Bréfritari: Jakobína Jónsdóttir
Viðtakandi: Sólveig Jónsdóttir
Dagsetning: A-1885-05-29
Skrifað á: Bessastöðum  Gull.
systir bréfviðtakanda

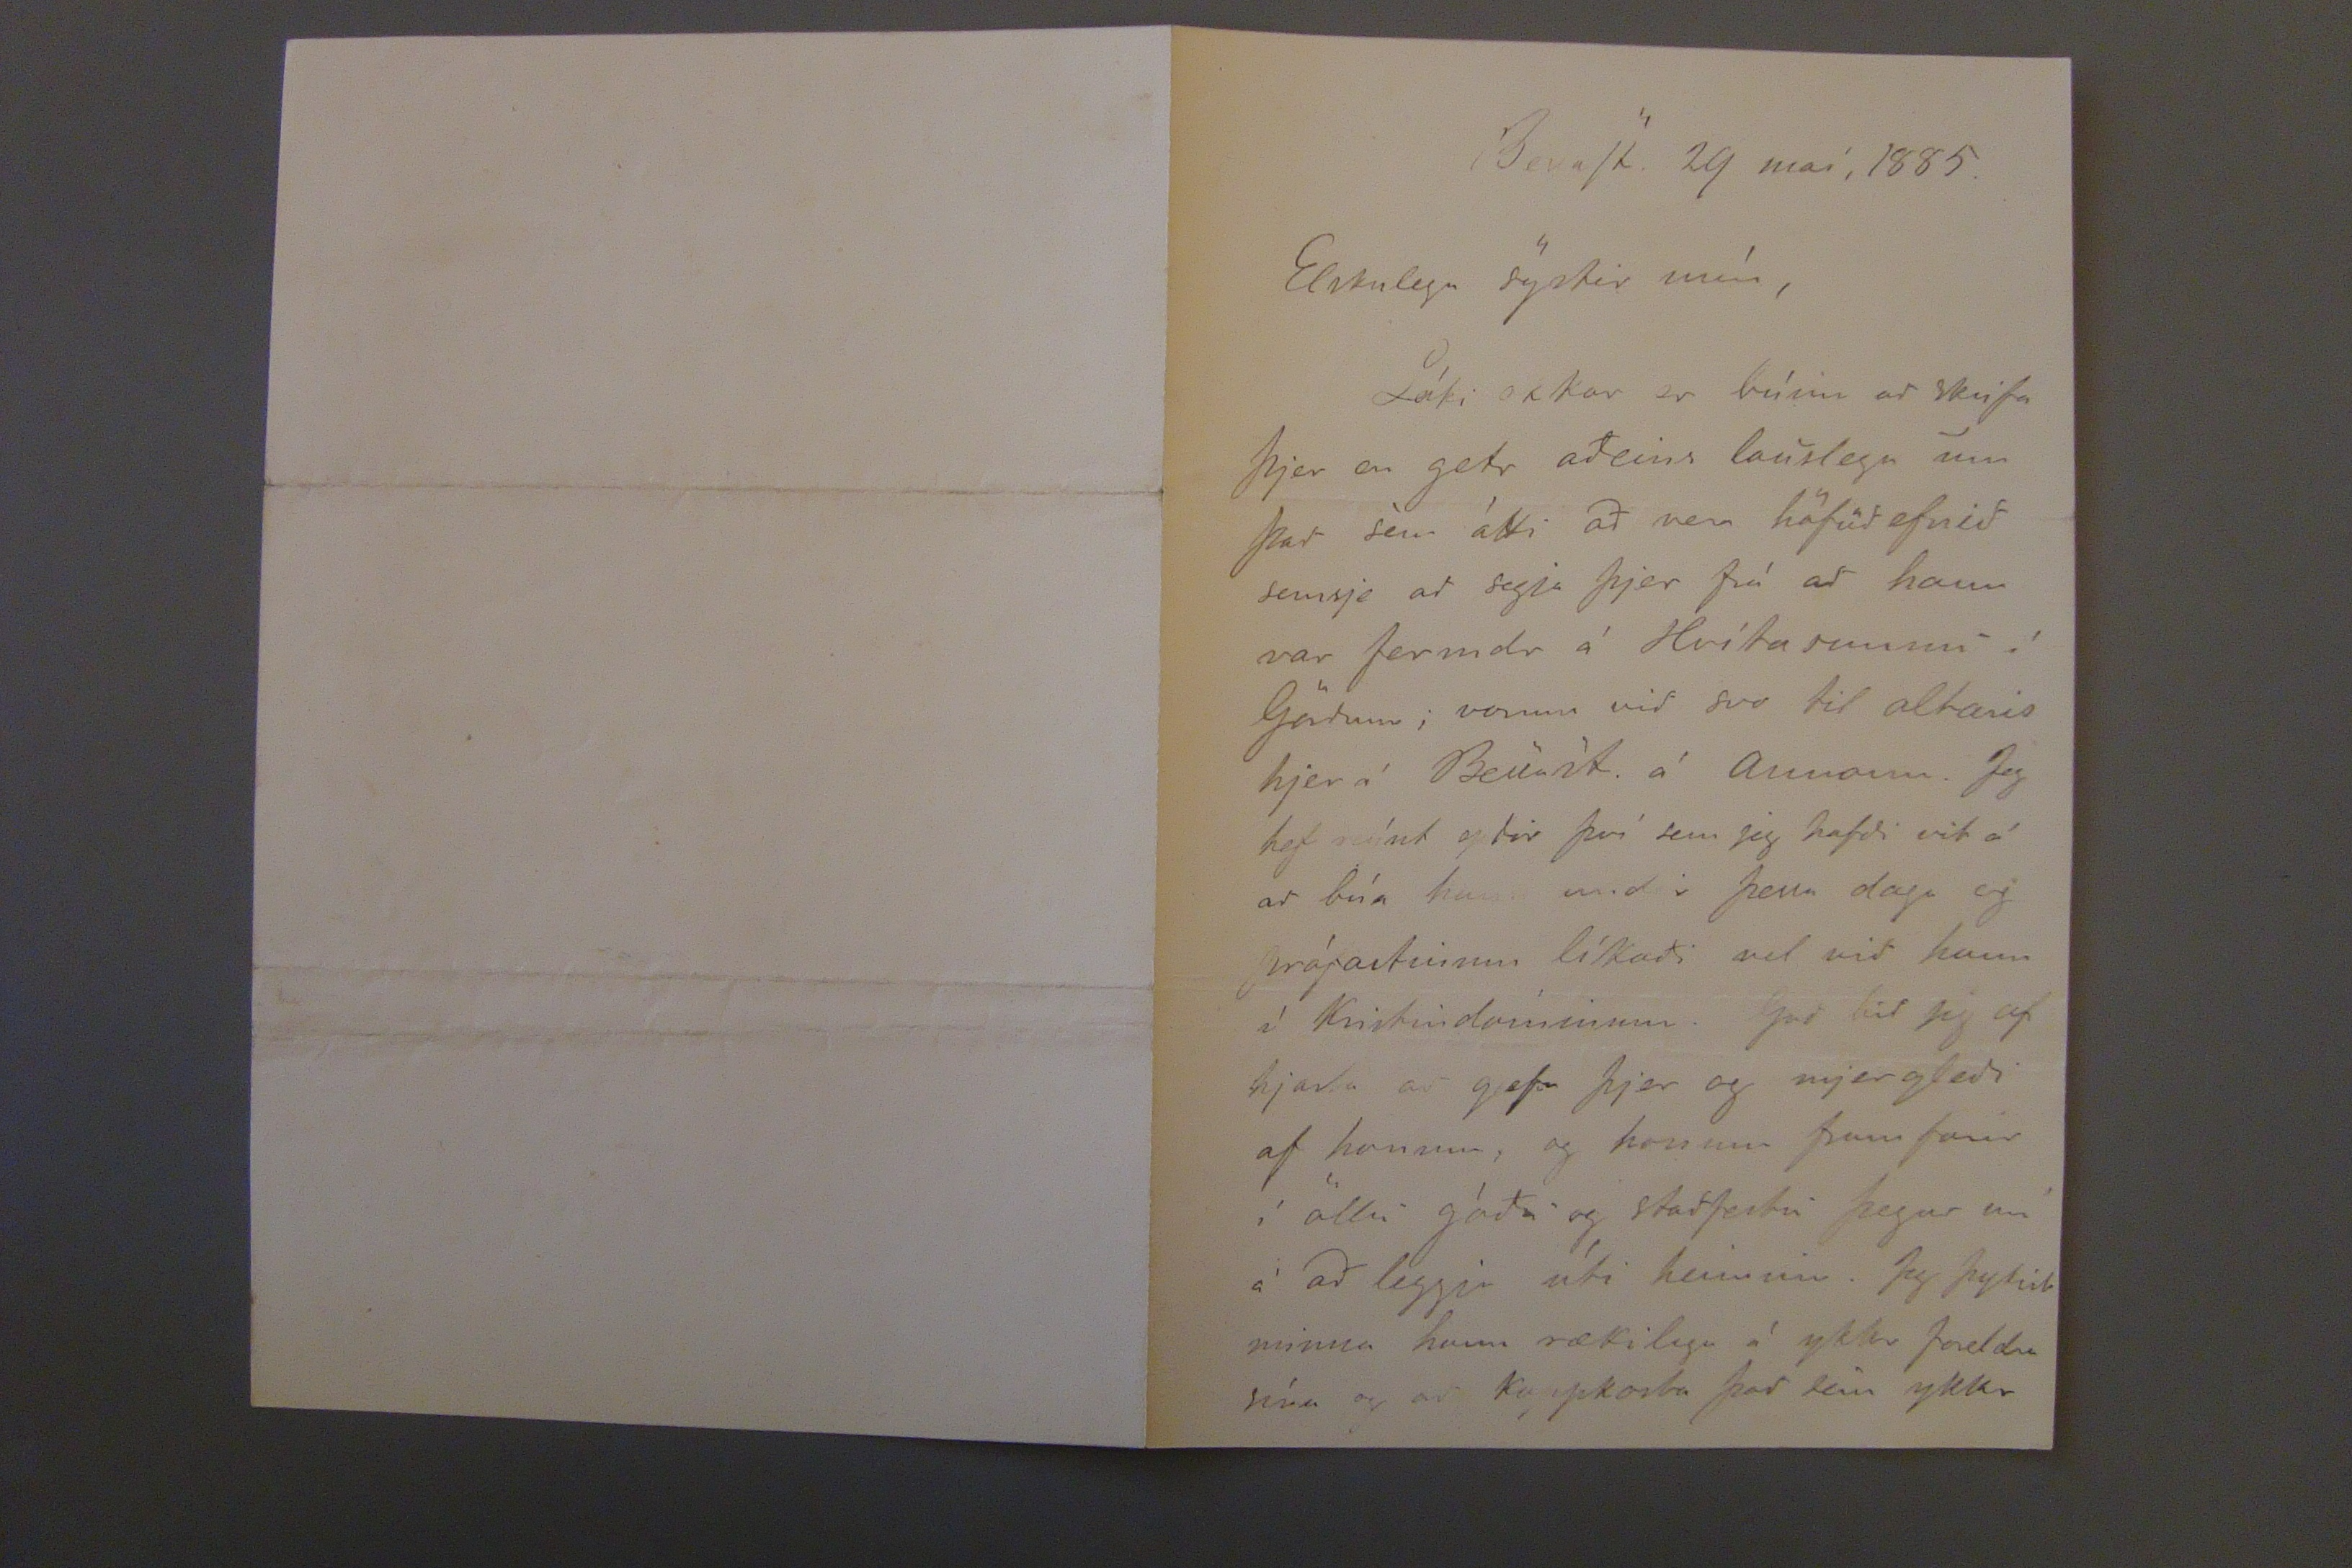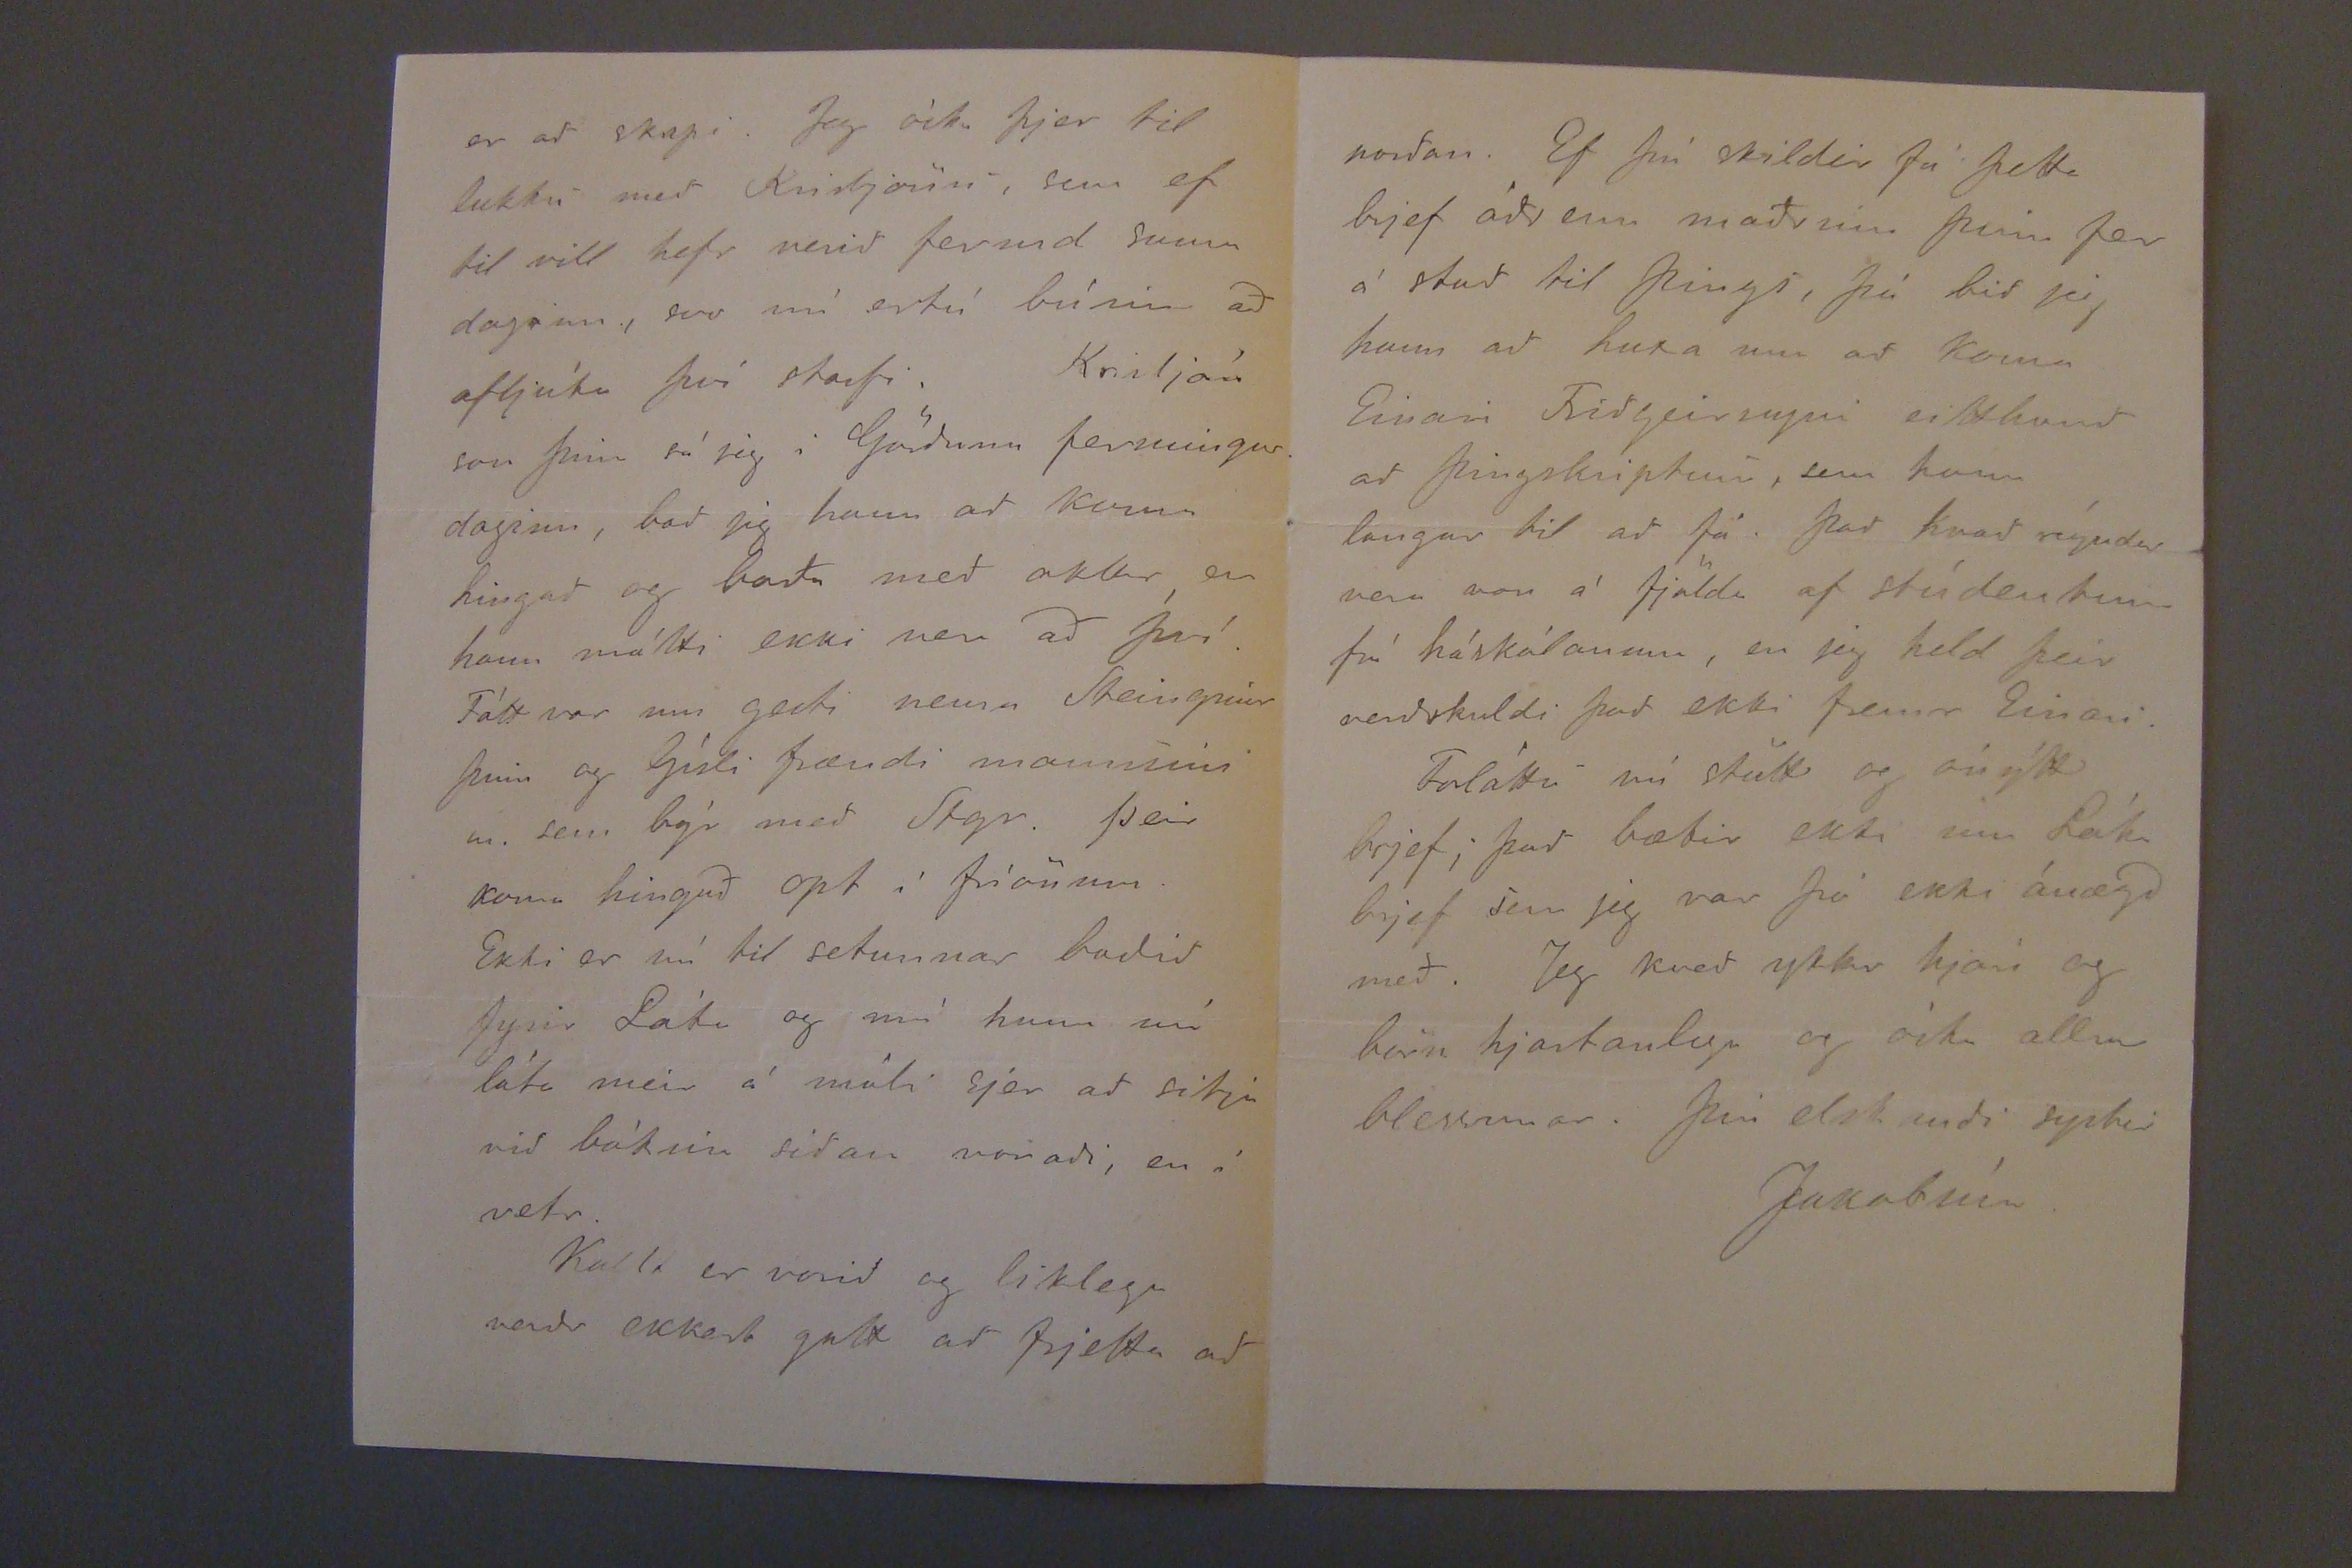

BesaSt. 29 maí, 1885.
Elskulega systir mín,
Láki okkar er búinn að skrifa þjer en getr aðeins lauslega um það sem átti að vera höfuð efnið semsje að segja þjer frá að hann var fermdr á Hvítasunnu í Görðum; vorum við svo til altaris hjer í Bessast. á Annann. Jeg hef reýnt eptir því sem jeg hafði vit á að búa hann undir þessa daga og prófastinum líkaði vel við hann í Kristindominum. Guð bið jeg af hjarta að gefa þjer og mjergleði af honum, og honum framfarir í öllu góða og staðfestu þegar um á að liggja útí heiminn. Jeg þytist minna hann rækilega á ykkr foreldra sína og að kampkosta það sem ykkr
er að skapi. Jeg óska þjer til lukku með Kristjönu, sem ef til vill hefr verið fermd sama daginn, svo nú ertu búin að afljúka því starfi. Kristján son þinn sá jeg i Görðum fermingardaginn, bað jeg hann að koma hingað og borða með okkur, en hann mátti ekki ver að því. Fátt var um gesti nema Steingrimr þinn og Gísli frændi mannsins m. sem býr með Stgr. Þeir koma hingað opt í fríönum. Ekki er nú til setunnar boðið fyrir Láka og má hann nú láta meir á móti sjer að sitja við bókina síðan voraði, en í vetr.
Kallt er vorið og liklega verðr ekkert gott að frjetta að
norðan. Ef þú skildir fá þetta brjef áðr enn maðurinn þinn fer á stað til þings, þá bið jeg hann að huxa um að koma Einari Friðgeirssyni eitthvað að Þingskiptum, sem honum langar til að fá Það hvað reyndar vera von á fjölda af studentum frá háskólanum, en jeg held þeir verðskuldi það ekki fremur Einari.
Forláttu nú stutt og ónýtt brjef; það bæti ekki um Láka brjef sem jeg var þá ekki ánægð með. Jeg kveð ykkr hjón og bbörn hjartanlega og óska allra blessunar. Þín elskandi systir
Jakobína

◆ TASK OBJECTIVE
Return exactly the lines of the data, beginning with the first and ending with the line containing "Láki okkar er". Skip the pictures.

◆ WRITTEN SOLUTION
Bréfritari: Jakobína Jónsdóttir
Viðtakandi: Sólveig Jónsdóttir
Dagsetning: A-1885-05-29
Skrifað á: Bessastöðum  Gull.
systir bréfviðtakanda


BesaSt. 29 maí, 1885.
Elskulega systir mín,
Láki okkar er búinn að skrifa þjer en getr aðeins lauslega um það sem átti að vera höfuð efnið semsje að segja þjer frá að hann var fermdr á Hvítasunnu í Görðum; vorum við svo til altaris hjer í Bessast. á Annann. Jeg hef reýnt eptir því sem jeg hafði vit á að búa hann undir þessa daga og prófastinum líkaði vel við hann í Kristindominum. Guð bið jeg af hjarta að gefa þjer og mjergleði af honum, og honum framfarir í öllu góða og staðfestu þegar um á að liggja útí heiminn. Jeg þytist minna hann rækilega á ykkr foreldra sína og að kampkosta það sem ykkr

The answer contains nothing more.